Assignment: Would you give the listing again exactly as written, minus its pictures?

Extracted records:
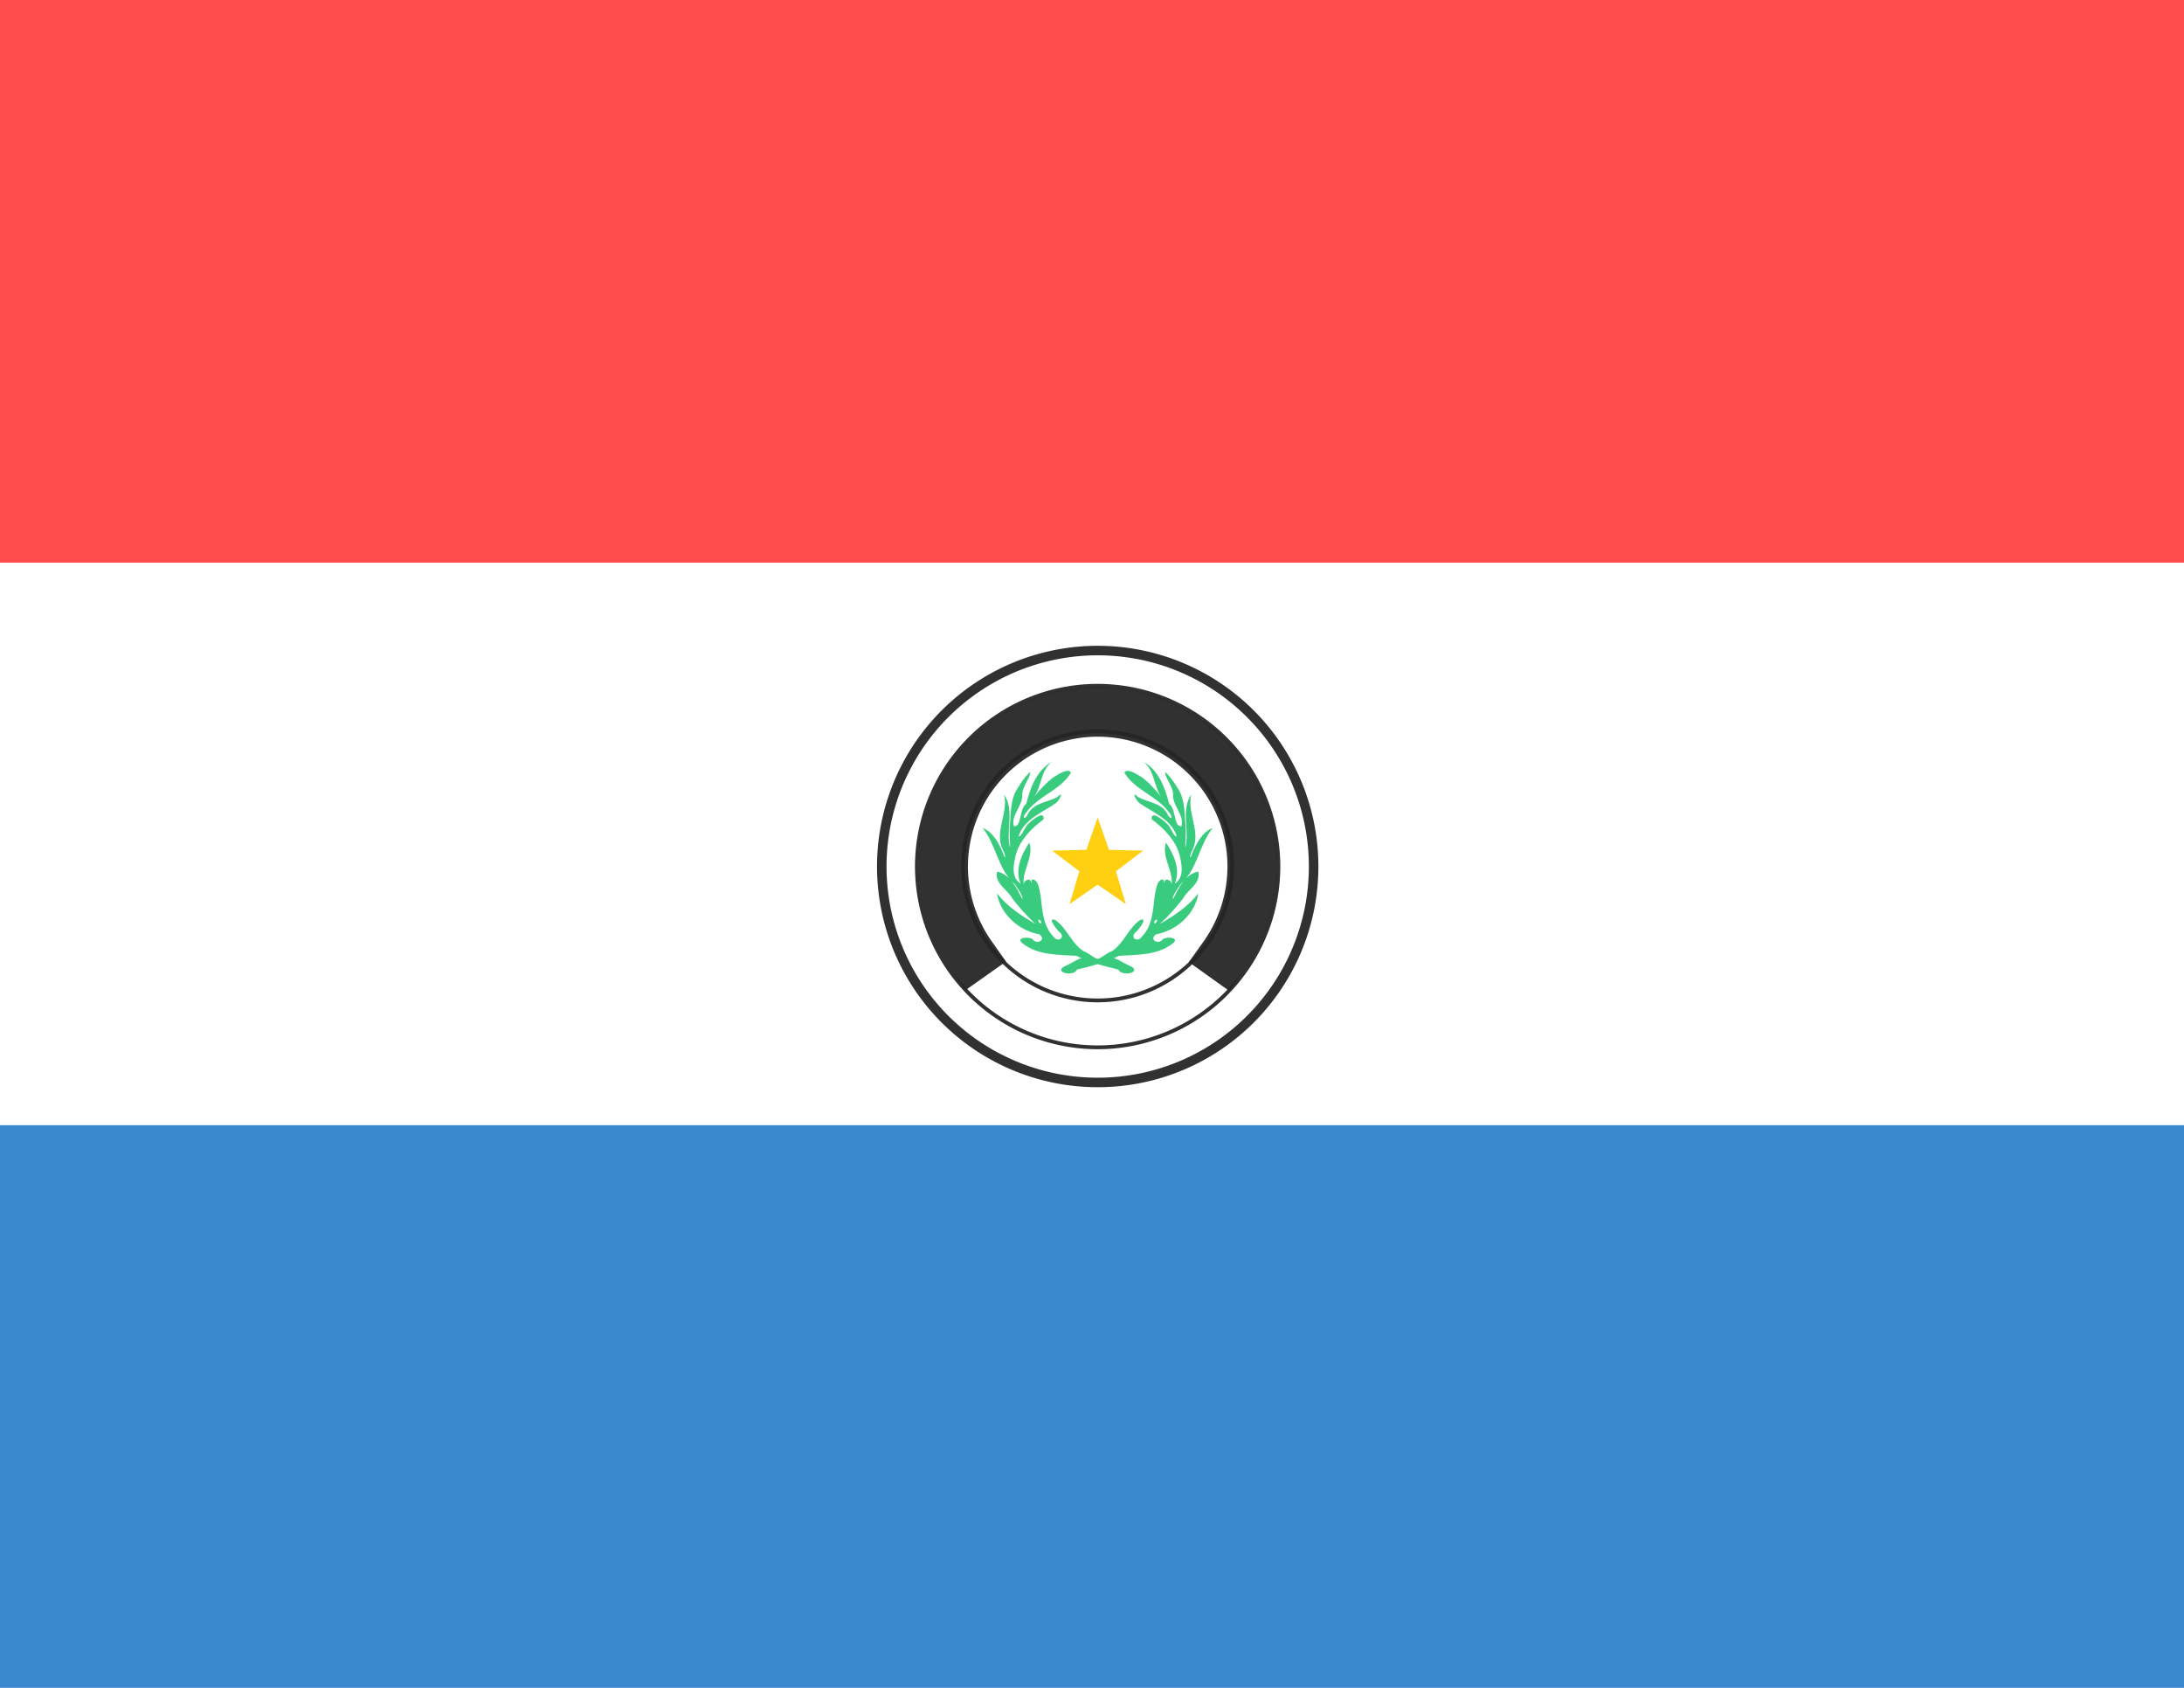 <?xml version="1.0" encoding="UTF-8"?>
<svg id="svg72" width="22" height="17" version="1.1" viewBox="0 0 22 17" xmlns="http://www.w3.org/2000/svg">
 <g stroke-width=".022">
  <path id="path2" d="m0 0h22v17h-22z" fill="#3987cc"/>
  <path id="path4" d="m0 0h22v11.333h-22z" fill="#fff"/>
  <path id="path6" d="m0 0h22v5.667h-22z" fill="#ff4b4c"/>
 </g>
 <g id="g920" transform="matrix(.026 0 0 .026 4.848 -15.678)">
  <g stroke="#242424" stroke-miterlimit="10" stroke-opacity=".941">
   <path id="path8" d="m322.48 938.65a83.656 83.656 0 1 1-83.656-83.634 83.657 83.657 0 0 1 83.656 83.634z" fill="#fff" stroke-width="3.687"/>
   <path id="path14" d="m308.83 938.67a70.028 70.028 0 1 1-70.024-70.011 70.032 70.032 0 0 1 70.024 70.011z" fill="none" stroke-width="1.475"/>
   <path id="path16" d="m290.91 938.42a52.113 52.113 0 1 1-52.109-52.1 52.1 52.1 0 0 1 52.109 52.1z" fill="none" stroke-width="1.475"/>
  </g>
  <path id="path18" d="m238.81 919.68 4.377 12.53 13.244 0.3-10.554 8.026 3.837 12.7-10.9-7.548-10.908 7.548 3.818-12.7-10.57-8.026 13.27-0.3z" fill="#ffcf11"/>
  <path id="path885" d="m189.92 973.19a59.868 59.868 0 0 1 9.127-79.282 59.868 59.868 0 0 1 79.805 0.226 59.868 59.868 0 0 1 8.677 79.332" fill="none" stroke="#242424" stroke-linecap="square" stroke-linejoin="bevel" stroke-opacity=".941" stroke-width="19.2"/>
  <g id="g910" transform="translate(-107.17 59.546)" fill="#39cc7e">
   <path id="path22" d="m328.24 838.57c-5.91 3.279-8.377 10.085-9.934 16.278-2.793 1.822-1.695 9.192-4.807 8.657-1.123-4.299 3.187-7.539 3.271-11.749-0.314-3.392 3.17-6.798 3.084-9.258-2.19 1.961-3.893 4.584-5.401 7.149-2.356 4.195-2.052 9.157-2.504 13.793-0.284 2.36 0.26 8.058 0.03 8.229-1.668-6.714 1.905-14.307-2.261-20.451 1.823 7.231-4.032 14.651-0.378 21.655 0.951 1.585 1.148 4.613 0.044 1.236-1.652-3.92-3.786-8.237-7.968-9.934 5.287 6.571 5.883 15.967 12.372 21.717 1.141 1.482 3.618 5.312 2.975 5.834-2.169-4.268-4.555-9.556-9.745-10.641-1.175 4.565 4.119 6.927 5.922 10.48 2.739 3.484 5.659 6.847 8.967 9.805-5.531-3.149-10.965-6.78-14.938-11.837 1.342 8.117 8.464 14.419 16.393 15.868 2.956 1.974-0.99 4.298-2.603 1.879-1.659-1.164-7.02-0.598-3.627 1.815 5.866 4.459 13.581 4.19 20.568 4.627 5.151 2.498 10.709 3.995 16.26 5.308 1.454 3.088 9.7 0.943 4.492-1.418-3.036-1.225-5.904-3.913-9.384-3.229-2.659 2.597-5.791-1.617-8.559-2.453-4.734-3.045-6.421-9.011-11.034-12.131-3.226-1.076 0.728 3.833 1.632 4.638 2.574 2-0.32 4.44-2.206 1.883-4.129-4.135-4.361-10.363-5.004-15.841-0.495-2.119-0.78-6.463-3.345-6.344-0.622 1.44 0.238 5.69-0.26 1.722 0.081-3.102-3.801-1.268-2.845 1.076-1.223-5.876 4.006-11.215 2.063-17.079-3.011 4.559-5.758 10.483-3.37 15.902-3.792-2.339-2.75-7.442-1.896-11.068 1.605-5.828 6.079-10.349 10.815-13.856 0.41-3.804-4.725 0.506-5.93 1.748-1.263 0.878-3.123 6.077-3.712 4.601 2.268-6.471 9.198-8.993 14.364-12.605 1.267-0.885 3.475-5.145 0.568-2.367-3.864 2.143-9.39 2.243-11.479 6.783-1.301 2.41-2.2 1.064-0.664-0.645 4.559-6.516 13.262-8.652 17.419-15.531-0.863-2.096-5.105 0.714-6.745 1.741-2.805 2.075-5.165 4.697-7.343 7.396 2.735-4.208 2.462-10.112 6.7-13.386zm-8.057 15.273c-0.352 0.708-0.476 0.959 0 0zm2.783 45.766c2.443 0.908 0.237 2.927 0 0zm0.121 2.617c0.202 0.3 0.105 0.156 0 0z"/>
   <path id="path906" d="m363.73 838.57c5.91 3.279 8.377 10.085 9.934 16.278 2.793 1.822 1.695 9.192 4.807 8.657 1.123-4.299-3.187-7.539-3.271-11.749 0.314-3.392-3.17-6.798-3.084-9.258 2.19 1.961 3.893 4.584 5.401 7.149 2.356 4.195 2.052 9.157 2.504 13.793 0.284 2.36-0.26 8.058-0.03 8.229 1.668-6.714-1.905-14.307 2.261-20.451-1.823 7.231 4.032 14.651 0.378 21.655-0.951 1.585-1.148 4.613-0.044 1.236 1.652-3.92 3.786-8.237 7.968-9.934-5.287 6.571-5.883 15.967-12.372 21.717-1.141 1.482-3.618 5.312-2.975 5.834 2.169-4.268 4.555-9.556 9.745-10.641 1.175 4.565-4.119 6.927-5.922 10.48-2.739 3.484-5.659 6.847-8.967 9.805 5.531-3.149 10.965-6.78 14.938-11.837-1.342 8.117-8.464 14.419-16.393 15.868-2.956 1.974 0.99 4.298 2.603 1.879 1.659-1.164 7.02-0.598 3.627 1.815-5.866 4.459-13.581 4.19-20.568 4.627-5.151 2.498-10.709 3.995-16.26 5.308-1.454 3.088-9.7 0.943-4.492-1.418 3.036-1.225 5.904-3.913 9.384-3.229 2.659 2.597 5.791-1.617 8.559-2.453 4.734-3.045 6.421-9.011 11.034-12.131 3.226-1.076-0.728 3.833-1.632 4.638-2.574 2 0.32 4.44 2.206 1.883 4.129-4.135 4.361-10.363 5.004-15.841 0.495-2.119 0.78-6.463 3.345-6.344 0.622 1.44-0.238 5.69 0.26 1.722-0.081-3.102 3.801-1.268 2.845 1.076 1.223-5.876-4.006-11.215-2.063-17.079 3.011 4.559 5.758 10.483 3.37 15.902 3.792-2.339 2.75-7.442 1.896-11.068-1.605-5.828-6.079-10.349-10.815-13.856-0.41-3.804 4.725 0.506 5.93 1.748 1.263 0.878 3.123 6.077 3.712 4.601-2.268-6.471-9.198-8.993-14.364-12.605-1.267-0.885-3.475-5.145-0.568-2.367 3.864 2.143 9.39 2.243 11.479 6.783 1.301 2.41 2.2 1.064 0.664-0.645-4.559-6.516-13.262-8.652-17.419-15.531 0.863-2.096 5.105 0.714 6.745 1.741 2.805 2.075 5.165 4.697 7.343 7.396-2.735-4.208-2.462-10.112-6.7-13.386zm8.057 15.273c0.352 0.708 0.476 0.959 0 0zm-2.783 45.766c-2.443 0.908-0.237 2.927 0 0zm-0.121 2.617c-0.202 0.3-0.105 0.156 0 0z"/>
  </g>
 </g>
</svg>

Response area:
 <?xml version="1.0" encoding="UTF-8"?>
<svg id="svg72" width="22" height="17" version="1.1" viewBox="0 0 22 17" xmlns="http://www.w3.org/2000/svg">
 <g stroke-width=".022">
  <path id="path2" d="m0 0h22v17h-22z" fill="#3987cc"/>
  <path id="path4" d="m0 0h22v11.333h-22z" fill="#fff"/>
  <path id="path6" d="m0 0h22v5.667h-22z" fill="#ff4b4c"/>
 </g>
 <g id="g920" transform="matrix(.026 0 0 .026 4.848 -15.678)">
  <g stroke="#242424" stroke-miterlimit="10" stroke-opacity=".941">
   <path id="path8" d="m322.48 938.65a83.656 83.656 0 1 1-83.656-83.634 83.657 83.657 0 0 1 83.656 83.634z" fill="#fff" stroke-width="3.687"/>
   <path id="path14" d="m308.83 938.67a70.028 70.028 0 1 1-70.024-70.011 70.032 70.032 0 0 1 70.024 70.011z" fill="none" stroke-width="1.475"/>
   <path id="path16" d="m290.91 938.42a52.113 52.113 0 1 1-52.109-52.1 52.1 52.1 0 0 1 52.109 52.1z" fill="none" stroke-width="1.475"/>
  </g>
  <path id="path18" d="m238.81 919.68 4.377 12.53 13.244 0.3-10.554 8.026 3.837 12.7-10.9-7.548-10.908 7.548 3.818-12.7-10.57-8.026 13.27-0.3z" fill="#ffcf11"/>
  <path id="path885" d="m189.92 973.19a59.868 59.868 0 0 1 9.127-79.282 59.868 59.868 0 0 1 79.805 0.226 59.868 59.868 0 0 1 8.677 79.332" fill="none" stroke="#242424" stroke-linecap="square" stroke-linejoin="bevel" stroke-opacity=".941" stroke-width="19.2"/>
  <g id="g910" transform="translate(-107.17 59.546)" fill="#39cc7e">
   <path id="path22" d="m328.24 838.57c-5.91 3.279-8.377 10.085-9.934 16.278-2.793 1.822-1.695 9.192-4.807 8.657-1.123-4.299 3.187-7.539 3.271-11.749-0.314-3.392 3.17-6.798 3.084-9.258-2.19 1.961-3.893 4.584-5.401 7.149-2.356 4.195-2.052 9.157-2.504 13.793-0.284 2.36 0.26 8.058 0.03 8.229-1.668-6.714 1.905-14.307-2.261-20.451 1.823 7.231-4.032 14.651-0.378 21.655 0.951 1.585 1.148 4.613 0.044 1.236-1.652-3.92-3.786-8.237-7.968-9.934 5.287 6.571 5.883 15.967 12.372 21.717 1.141 1.482 3.618 5.312 2.975 5.834-2.169-4.268-4.555-9.556-9.745-10.641-1.175 4.565 4.119 6.927 5.922 10.48 2.739 3.484 5.659 6.847 8.967 9.805-5.531-3.149-10.965-6.78-14.938-11.837 1.342 8.117 8.464 14.419 16.393 15.868 2.956 1.974-0.99 4.298-2.603 1.879-1.659-1.164-7.02-0.598-3.627 1.815 5.866 4.459 13.581 4.19 20.568 4.627 5.151 2.498 10.709 3.995 16.26 5.308 1.454 3.088 9.7 0.943 4.492-1.418-3.036-1.225-5.904-3.913-9.384-3.229-2.659 2.597-5.791-1.617-8.559-2.453-4.734-3.045-6.421-9.011-11.034-12.131-3.226-1.076 0.728 3.833 1.632 4.638 2.574 2-0.32 4.44-2.206 1.883-4.129-4.135-4.361-10.363-5.004-15.841-0.495-2.119-0.78-6.463-3.345-6.344-0.622 1.44 0.238 5.69-0.26 1.722 0.081-3.102-3.801-1.268-2.845 1.076-1.223-5.876 4.006-11.215 2.063-17.079-3.011 4.559-5.758 10.483-3.37 15.902-3.792-2.339-2.75-7.442-1.896-11.068 1.605-5.828 6.079-10.349 10.815-13.856 0.41-3.804-4.725 0.506-5.93 1.748-1.263 0.878-3.123 6.077-3.712 4.601 2.268-6.471 9.198-8.993 14.364-12.605 1.267-0.885 3.475-5.145 0.568-2.367-3.864 2.143-9.39 2.243-11.479 6.783-1.301 2.41-2.2 1.064-0.664-0.645 4.559-6.516 13.262-8.652 17.419-15.531-0.863-2.096-5.105 0.714-6.745 1.741-2.805 2.075-5.165 4.697-7.343 7.396 2.735-4.208 2.462-10.112 6.7-13.386zm-8.057 15.273c-0.352 0.708-0.476 0.959 0 0zm2.783 45.766c2.443 0.908 0.237 2.927 0 0zm0.121 2.617c0.202 0.3 0.105 0.156 0 0z"/>
   <path id="path906" d="m363.73 838.57c5.91 3.279 8.377 10.085 9.934 16.278 2.793 1.822 1.695 9.192 4.807 8.657 1.123-4.299-3.187-7.539-3.271-11.749 0.314-3.392-3.17-6.798-3.084-9.258 2.19 1.961 3.893 4.584 5.401 7.149 2.356 4.195 2.052 9.157 2.504 13.793 0.284 2.36-0.26 8.058-0.03 8.229 1.668-6.714-1.905-14.307 2.261-20.451-1.823 7.231 4.032 14.651 0.378 21.655-0.951 1.585-1.148 4.613-0.044 1.236 1.652-3.92 3.786-8.237 7.968-9.934-5.287 6.571-5.883 15.967-12.372 21.717-1.141 1.482-3.618 5.312-2.975 5.834 2.169-4.268 4.555-9.556 9.745-10.641 1.175 4.565-4.119 6.927-5.922 10.48-2.739 3.484-5.659 6.847-8.967 9.805 5.531-3.149 10.965-6.78 14.938-11.837-1.342 8.117-8.464 14.419-16.393 15.868-2.956 1.974 0.99 4.298 2.603 1.879 1.659-1.164 7.02-0.598 3.627 1.815-5.866 4.459-13.581 4.19-20.568 4.627-5.151 2.498-10.709 3.995-16.26 5.308-1.454 3.088-9.7 0.943-4.492-1.418 3.036-1.225 5.904-3.913 9.384-3.229 2.659 2.597 5.791-1.617 8.559-2.453 4.734-3.045 6.421-9.011 11.034-12.131 3.226-1.076-0.728 3.833-1.632 4.638-2.574 2 0.32 4.44 2.206 1.883 4.129-4.135 4.361-10.363 5.004-15.841 0.495-2.119 0.78-6.463 3.345-6.344 0.622 1.44-0.238 5.69 0.26 1.722-0.081-3.102 3.801-1.268 2.845 1.076 1.223-5.876-4.006-11.215-2.063-17.079 3.011 4.559 5.758 10.483 3.37 15.902 3.792-2.339 2.75-7.442 1.896-11.068-1.605-5.828-6.079-10.349-10.815-13.856-0.41-3.804 4.725 0.506 5.93 1.748 1.263 0.878 3.123 6.077 3.712 4.601-2.268-6.471-9.198-8.993-14.364-12.605-1.267-0.885-3.475-5.145-0.568-2.367 3.864 2.143 9.39 2.243 11.479 6.783 1.301 2.41 2.2 1.064 0.664-0.645-4.559-6.516-13.262-8.652-17.419-15.531 0.863-2.096 5.105 0.714 6.745 1.741 2.805 2.075 5.165 4.697 7.343 7.396-2.735-4.208-2.462-10.112-6.7-13.386zm8.057 15.273c0.352 0.708 0.476 0.959 0 0zm-2.783 45.766c-2.443 0.908-0.237 2.927 0 0zm-0.121 2.617c-0.202 0.3-0.105 0.156 0 0z"/>
  </g>
 </g>
</svg>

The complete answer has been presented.